For defence, if you ignore accountability for long enough, it goes away

Australia’s ramping up of defence spending, and the proposed allocation of hundreds of billions of dollars to the incoherent, unjustified AUKUS submarine project, amounts to the generous rewarding of the least competent, and least accountable, department in the Commonwealth.

An examination of the auditor-general’s recent evaluations of a range of defence programs shows that the department and its staff have an atrocious record of managing not merely major arms projects but a wide range of activities across the portfolio.

In 28 performance audits since 2018, the Australian National Audit Office (ANAO) has issued 11 highly critical reports, including four in the past 12 months, suggesting that many years of pressure on defence to improve its internal processes and management have yielded nothing.

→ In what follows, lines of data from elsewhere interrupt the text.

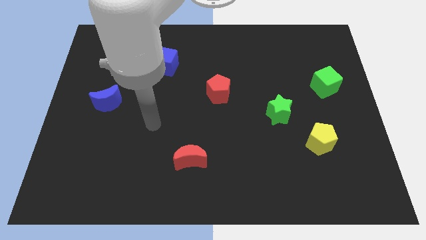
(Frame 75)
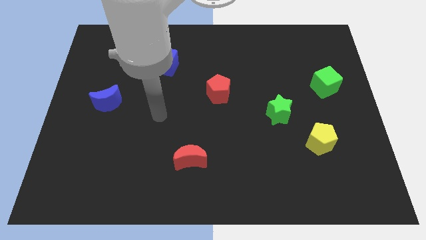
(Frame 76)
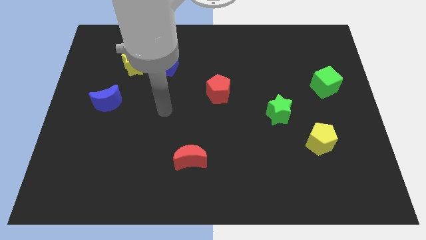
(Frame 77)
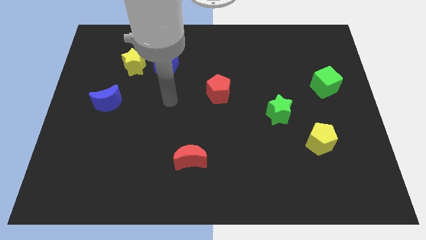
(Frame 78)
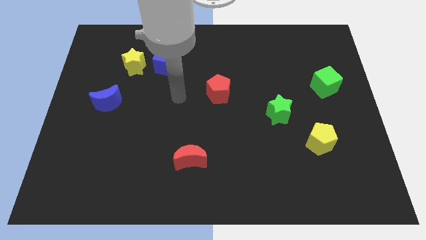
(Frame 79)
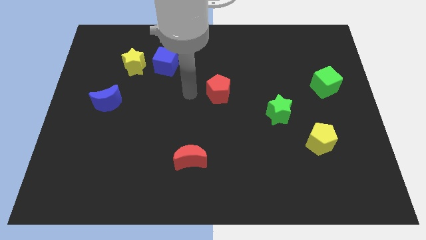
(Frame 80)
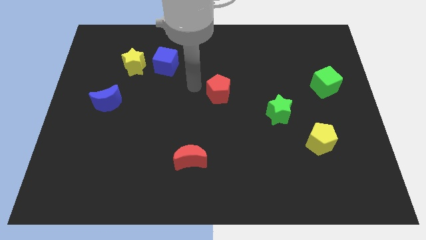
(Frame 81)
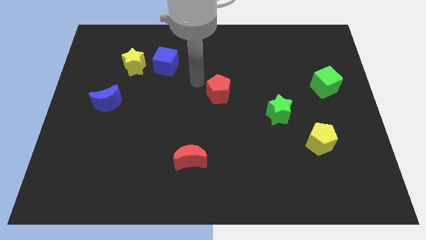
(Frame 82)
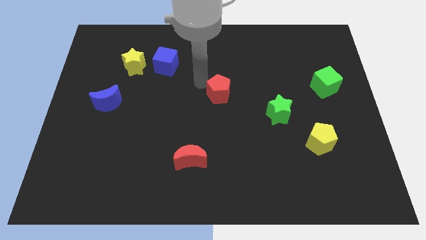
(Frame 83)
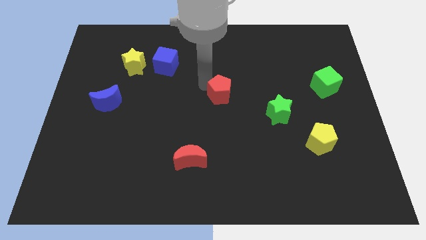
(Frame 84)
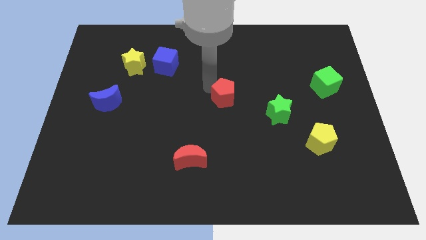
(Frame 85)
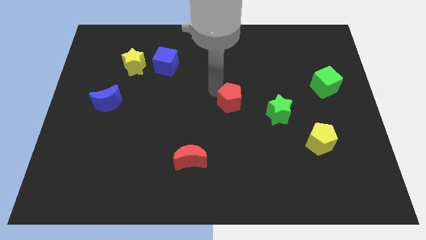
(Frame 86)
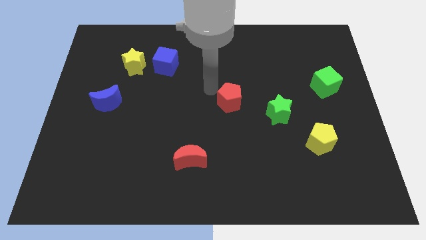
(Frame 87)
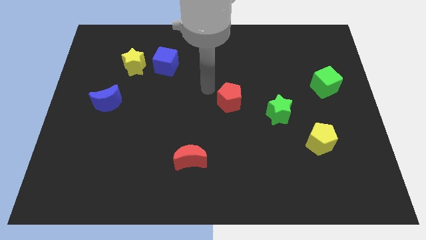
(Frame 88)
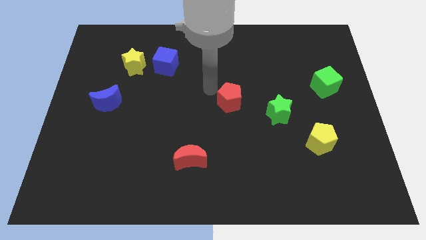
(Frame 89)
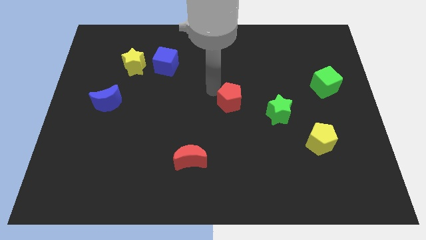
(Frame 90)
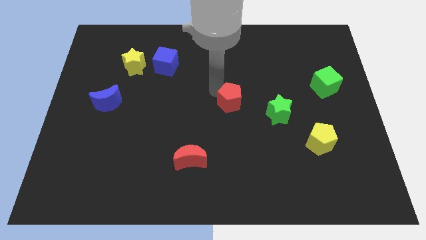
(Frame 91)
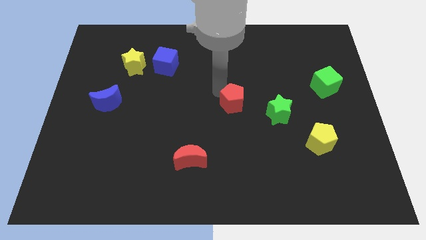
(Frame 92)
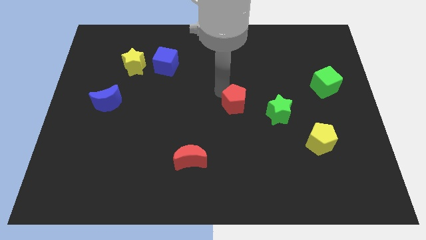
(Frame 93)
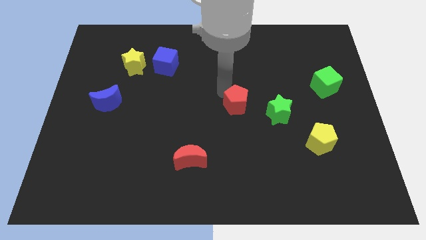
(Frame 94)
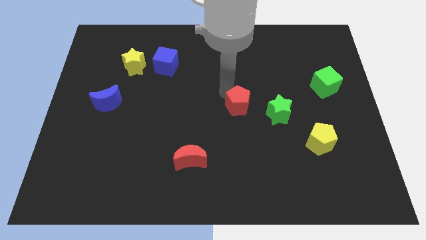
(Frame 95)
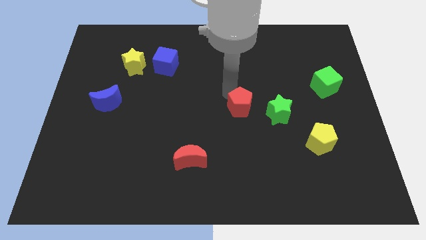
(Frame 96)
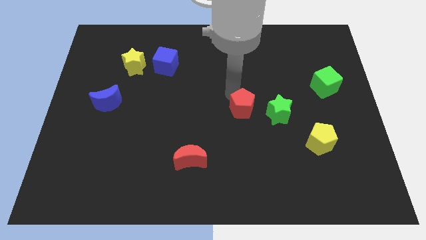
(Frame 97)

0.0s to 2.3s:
slightly slide the red pentagon downwards and to the right

The greatest hits of the defence establishment in recent years include:

  • management of its $2.5 billion’ worth of General Stores Inventory, in which defence could not “demonstrate that it is achieving efficiency and economy”, while there was no “active focus or response by defence senior leaders on known issues contributing to inefficiency and overstocking”
  • management of health services to ADF personnel, which “demonstrated shortcomings in ensuring the implementation of all contracted requirements” and lacked “assurance that services are being delivered effectively against the contracted requirements”
  • the acquisition of Hunter-class frigates, which “lacked a value for money focus”, suffered from lost documents, had a poor tender process, resulted in long delays and cost blowouts, and saw the undocumented decision by a panel headed by then-defence secretary Dennis Richardson to include an ultimately successful tender by BAE in the process.
  • defence’s overall management of contractors, in which the department “cannot demonstrate the effectiveness of its arrangements”
  • management of the Defence Industry Security Program, intended to enable contractors to meet security requirements, for which there’s no “assurance that the program is effective”, no “fit-for-purpose arrangements to monitor compliance”, no “arrangements to manage identified non-compliance”, and defence didn’t even know which contractors needed to participate
  • defence’s support for its ANZAC-class frigates, for which it “cannot demonstrate the efficiency or outcomes of its sustainment arrangements” and which was marked by uncompetitive tender processes
  • significant problems with its acquisition of a battle management system as part of the Land 200 project
  • the failure of defence’s Projects of Concern process, such that the department can’t “show that the Projects of Concern regime contributes materially to the recovery of underperforming projects and products”.

While major defence acquisition projects the world over are marked by delays and cost blowouts — exacerbated in Australia by defence’s preference for bespoke materiel rather than purchasing off-the-shelf hardware, and politicians’ preference for building locally — the ANAO reports show a department failing across not merely procurement but health services for personnel, security requirements for contractors, contract management and asset control.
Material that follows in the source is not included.